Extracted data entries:

==============================

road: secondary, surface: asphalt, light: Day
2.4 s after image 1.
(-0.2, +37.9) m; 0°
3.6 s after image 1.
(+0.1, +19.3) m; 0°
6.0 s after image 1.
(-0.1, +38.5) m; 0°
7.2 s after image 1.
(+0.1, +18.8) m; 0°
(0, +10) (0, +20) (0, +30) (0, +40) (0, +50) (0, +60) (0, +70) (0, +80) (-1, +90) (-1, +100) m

==============================

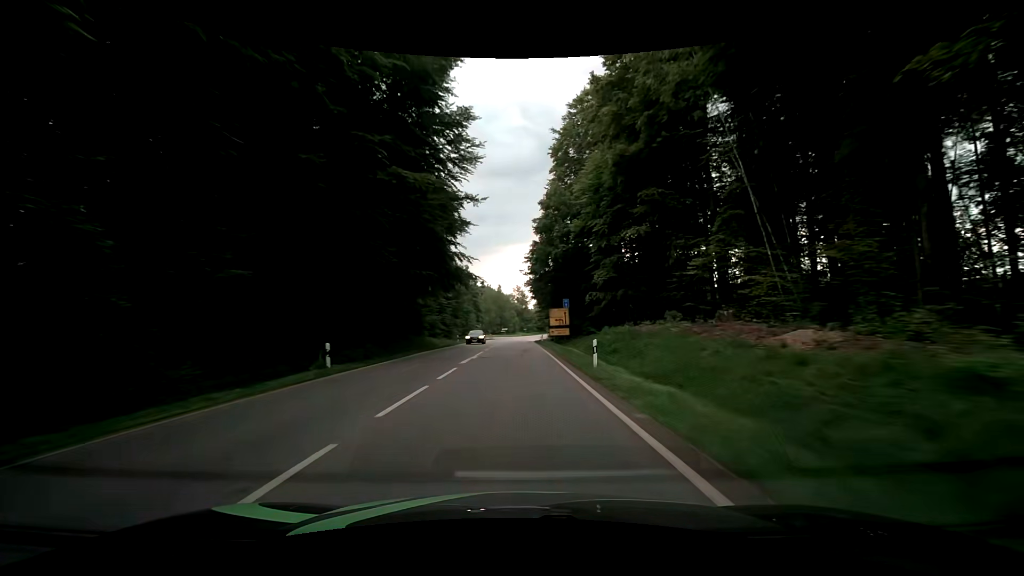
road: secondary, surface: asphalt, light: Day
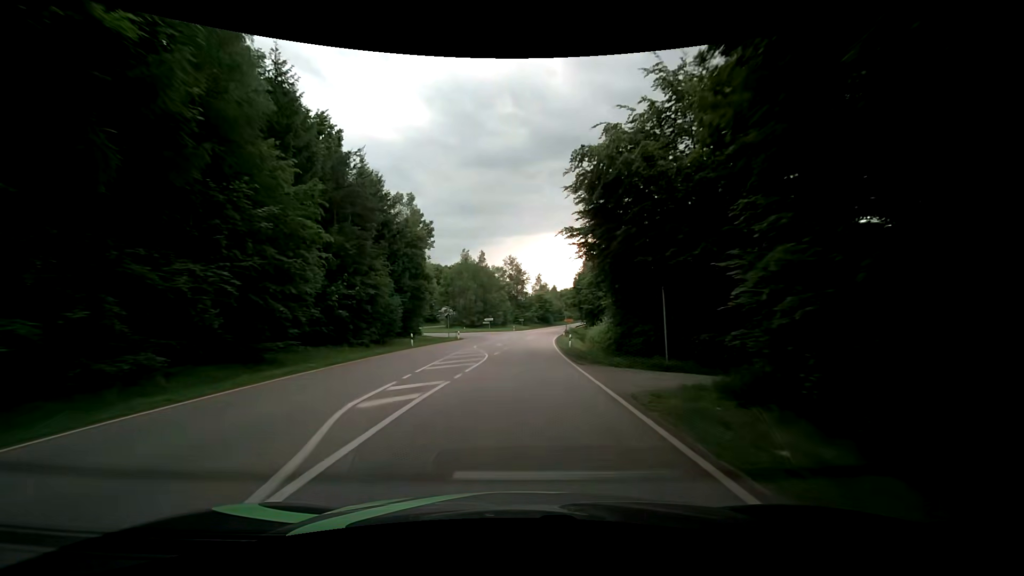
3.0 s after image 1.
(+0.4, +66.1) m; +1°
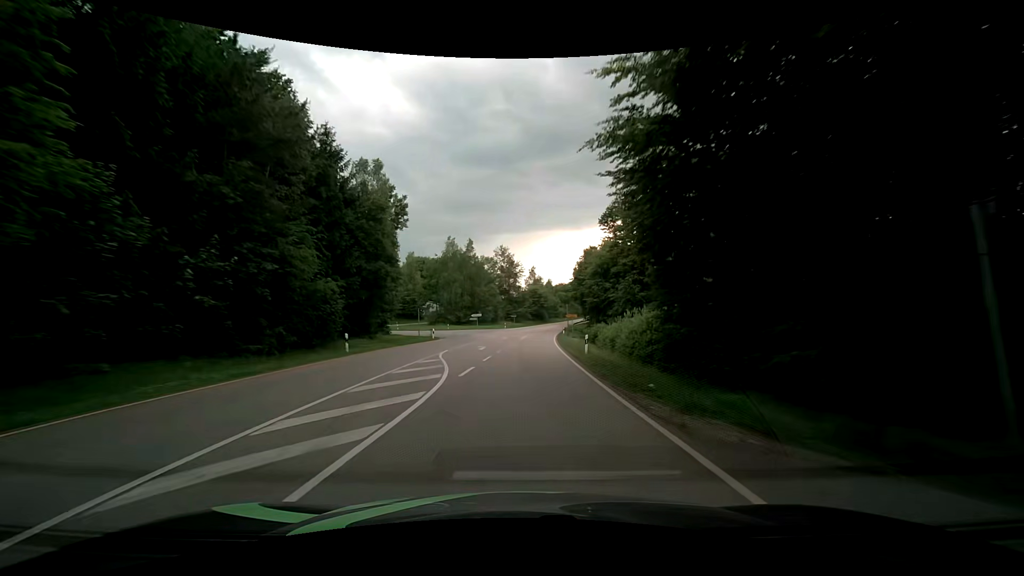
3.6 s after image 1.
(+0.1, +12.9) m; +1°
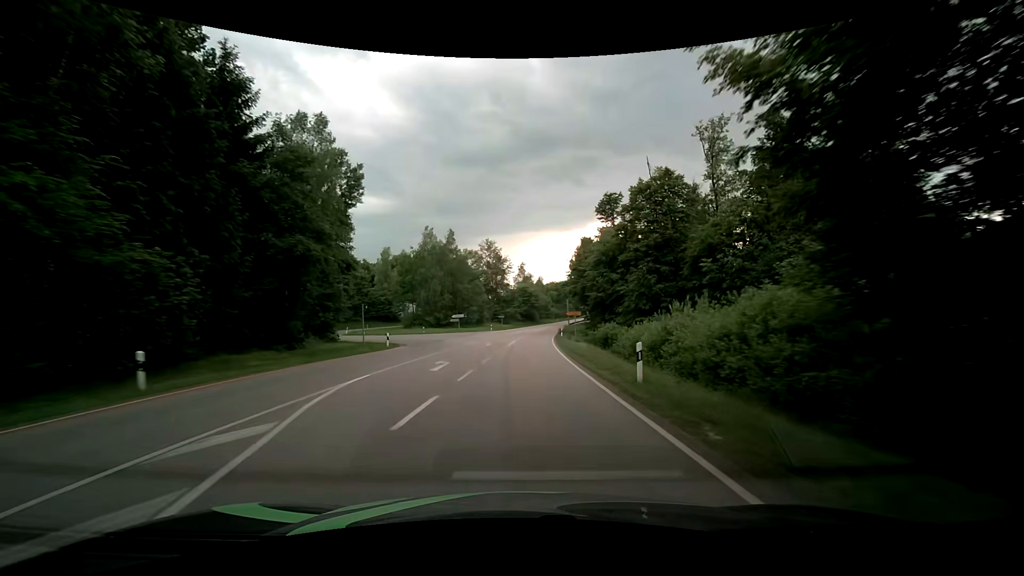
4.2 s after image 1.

==============================

> Task requirements: An exact copy is needed. It runs from the line above containing "3.0 s after image 1." down to the line containing "4.2 s after image 1.", both included, with no pictures.

> Answer space:
3.0 s after image 1.
(+0.4, +66.1) m; +1°
3.6 s after image 1.
(+0.1, +12.9) m; +1°
4.2 s after image 1.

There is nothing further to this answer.